Records from a collection:

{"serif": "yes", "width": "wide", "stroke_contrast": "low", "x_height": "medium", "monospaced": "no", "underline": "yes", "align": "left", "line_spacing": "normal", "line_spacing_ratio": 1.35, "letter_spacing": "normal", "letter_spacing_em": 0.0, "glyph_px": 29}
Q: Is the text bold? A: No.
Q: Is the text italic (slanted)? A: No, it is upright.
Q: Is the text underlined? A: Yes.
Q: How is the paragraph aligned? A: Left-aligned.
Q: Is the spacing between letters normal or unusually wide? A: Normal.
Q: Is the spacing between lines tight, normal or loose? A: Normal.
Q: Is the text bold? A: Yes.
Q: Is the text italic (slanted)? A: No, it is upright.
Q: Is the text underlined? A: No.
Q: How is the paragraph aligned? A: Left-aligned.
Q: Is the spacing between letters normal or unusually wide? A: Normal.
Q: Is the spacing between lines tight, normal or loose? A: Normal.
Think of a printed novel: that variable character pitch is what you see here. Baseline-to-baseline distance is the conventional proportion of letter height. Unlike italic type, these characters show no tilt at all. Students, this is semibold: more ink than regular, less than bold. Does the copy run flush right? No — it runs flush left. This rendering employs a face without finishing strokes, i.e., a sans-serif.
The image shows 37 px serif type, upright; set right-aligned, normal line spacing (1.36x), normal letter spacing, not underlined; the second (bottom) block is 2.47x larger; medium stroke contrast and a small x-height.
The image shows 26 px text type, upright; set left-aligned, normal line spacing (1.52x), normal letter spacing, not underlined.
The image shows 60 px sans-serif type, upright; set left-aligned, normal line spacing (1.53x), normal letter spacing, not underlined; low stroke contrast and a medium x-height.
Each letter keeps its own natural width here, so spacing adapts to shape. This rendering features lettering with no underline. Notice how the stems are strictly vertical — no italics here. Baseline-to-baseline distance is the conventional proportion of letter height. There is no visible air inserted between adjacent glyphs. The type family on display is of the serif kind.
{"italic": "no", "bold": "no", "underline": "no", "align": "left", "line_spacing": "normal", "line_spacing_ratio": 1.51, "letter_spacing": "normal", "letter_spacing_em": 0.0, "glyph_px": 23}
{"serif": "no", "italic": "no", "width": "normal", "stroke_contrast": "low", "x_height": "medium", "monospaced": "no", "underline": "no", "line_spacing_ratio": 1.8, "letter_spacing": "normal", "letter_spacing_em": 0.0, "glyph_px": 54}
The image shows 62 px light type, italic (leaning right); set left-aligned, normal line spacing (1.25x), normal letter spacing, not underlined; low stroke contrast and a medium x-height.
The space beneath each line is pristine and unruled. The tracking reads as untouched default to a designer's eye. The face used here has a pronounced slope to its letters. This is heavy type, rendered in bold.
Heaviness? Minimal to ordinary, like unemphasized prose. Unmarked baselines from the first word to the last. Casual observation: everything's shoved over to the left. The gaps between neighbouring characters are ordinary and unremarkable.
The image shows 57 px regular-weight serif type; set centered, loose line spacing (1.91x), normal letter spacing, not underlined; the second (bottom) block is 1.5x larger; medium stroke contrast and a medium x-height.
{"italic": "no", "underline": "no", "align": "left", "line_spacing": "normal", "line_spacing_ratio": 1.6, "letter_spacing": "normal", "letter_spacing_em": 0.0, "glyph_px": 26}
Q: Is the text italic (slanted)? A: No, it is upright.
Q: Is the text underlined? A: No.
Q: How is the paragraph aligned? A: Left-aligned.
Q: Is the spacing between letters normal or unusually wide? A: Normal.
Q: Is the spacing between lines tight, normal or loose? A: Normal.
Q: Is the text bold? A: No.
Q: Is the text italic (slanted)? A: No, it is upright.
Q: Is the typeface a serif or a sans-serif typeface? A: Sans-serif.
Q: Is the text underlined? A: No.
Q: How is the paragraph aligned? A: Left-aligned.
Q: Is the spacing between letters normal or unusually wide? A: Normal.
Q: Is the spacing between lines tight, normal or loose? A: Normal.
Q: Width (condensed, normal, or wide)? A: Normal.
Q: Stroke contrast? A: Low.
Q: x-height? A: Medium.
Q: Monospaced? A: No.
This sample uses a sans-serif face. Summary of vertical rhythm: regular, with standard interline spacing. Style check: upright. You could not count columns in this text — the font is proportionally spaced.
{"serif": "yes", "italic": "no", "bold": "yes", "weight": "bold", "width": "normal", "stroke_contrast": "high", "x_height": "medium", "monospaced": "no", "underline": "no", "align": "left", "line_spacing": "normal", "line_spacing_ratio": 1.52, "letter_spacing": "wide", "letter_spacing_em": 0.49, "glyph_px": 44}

TASK INSTRUCTIONS → Repeat the data above. Change nothing.

RESPONSE TO THE TASK →
{"serif": "yes", "width": "wide", "stroke_contrast": "low", "x_height": "medium", "monospaced": "no", "underline": "yes", "align": "left", "line_spacing": "normal", "line_spacing_ratio": 1.35, "letter_spacing": "normal", "letter_spacing_em": 0.0, "glyph_px": 29}
Q: Is the text bold? A: No.
Q: Is the text italic (slanted)? A: No, it is upright.
Q: Is the text underlined? A: Yes.
Q: How is the paragraph aligned? A: Left-aligned.
Q: Is the spacing between letters normal or unusually wide? A: Normal.
Q: Is the spacing between lines tight, normal or loose? A: Normal.
Q: Is the text bold? A: Yes.
Q: Is the text italic (slanted)? A: No, it is upright.
Q: Is the text underlined? A: No.
Q: How is the paragraph aligned? A: Left-aligned.
Q: Is the spacing between letters normal or unusually wide? A: Normal.
Q: Is the spacing between lines tight, normal or loose? A: Normal.
Think of a printed novel: that variable character pitch is what you see here. Baseline-to-baseline distance is the conventional proportion of letter height. Unlike italic type, these characters show no tilt at all. Students, this is semibold: more ink than regular, less than bold. Does the copy run flush right? No — it runs flush left. This rendering employs a face without finishing strokes, i.e., a sans-serif.
The image shows 37 px serif type, upright; set right-aligned, normal line spacing (1.36x), normal letter spacing, not underlined; the second (bottom) block is 2.47x larger; medium stroke contrast and a small x-height.
The image shows 26 px text type, upright; set left-aligned, normal line spacing (1.52x), normal letter spacing, not underlined.
The image shows 60 px sans-serif type, upright; set left-aligned, normal line spacing (1.53x), normal letter spacing, not underlined; low stroke contrast and a medium x-height.
Each letter keeps its own natural width here, so spacing adapts to shape. This rendering features lettering with no underline. Notice how the stems are strictly vertical — no italics here. Baseline-to-baseline distance is the conventional proportion of letter height. There is no visible air inserted between adjacent glyphs. The type family on display is of the serif kind.
{"italic": "no", "bold": "no", "underline": "no", "align": "left", "line_spacing": "normal", "line_spacing_ratio": 1.51, "letter_spacing": "normal", "letter_spacing_em": 0.0, "glyph_px": 23}
{"serif": "no", "italic": "no", "width": "normal", "stroke_contrast": "low", "x_height": "medium", "monospaced": "no", "underline": "no", "line_spacing_ratio": 1.8, "letter_spacing": "normal", "letter_spacing_em": 0.0, "glyph_px": 54}
The image shows 62 px light type, italic (leaning right); set left-aligned, normal line spacing (1.25x), normal letter spacing, not underlined; low stroke contrast and a medium x-height.
The space beneath each line is pristine and unruled. The tracking reads as untouched default to a designer's eye. The face used here has a pronounced slope to its letters. This is heavy type, rendered in bold.
Heaviness? Minimal to ordinary, like unemphasized prose. Unmarked baselines from the first word to the last. Casual observation: everything's shoved over to the left. The gaps between neighbouring characters are ordinary and unremarkable.
The image shows 57 px regular-weight serif type; set centered, loose line spacing (1.91x), normal letter spacing, not underlined; the second (bottom) block is 1.5x larger; medium stroke contrast and a medium x-height.
{"italic": "no", "underline": "no", "align": "left", "line_spacing": "normal", "line_spacing_ratio": 1.6, "letter_spacing": "normal", "letter_spacing_em": 0.0, "glyph_px": 26}
Q: Is the text italic (slanted)? A: No, it is upright.
Q: Is the text underlined? A: No.
Q: How is the paragraph aligned? A: Left-aligned.
Q: Is the spacing between letters normal or unusually wide? A: Normal.
Q: Is the spacing between lines tight, normal or loose? A: Normal.
Q: Is the text bold? A: No.
Q: Is the text italic (slanted)? A: No, it is upright.
Q: Is the typeface a serif or a sans-serif typeface? A: Sans-serif.
Q: Is the text underlined? A: No.
Q: How is the paragraph aligned? A: Left-aligned.
Q: Is the spacing between letters normal or unusually wide? A: Normal.
Q: Is the spacing between lines tight, normal or loose? A: Normal.
Q: Width (condensed, normal, or wide)? A: Normal.
Q: Stroke contrast? A: Low.
Q: x-height? A: Medium.
Q: Monospaced? A: No.
This sample uses a sans-serif face. Summary of vertical rhythm: regular, with standard interline spacing. Style check: upright. You could not count columns in this text — the font is proportionally spaced.
{"serif": "yes", "italic": "no", "bold": "yes", "weight": "bold", "width": "normal", "stroke_contrast": "high", "x_height": "medium", "monospaced": "no", "underline": "no", "align": "left", "line_spacing": "normal", "line_spacing_ratio": 1.52, "letter_spacing": "wide", "letter_spacing_em": 0.49, "glyph_px": 44}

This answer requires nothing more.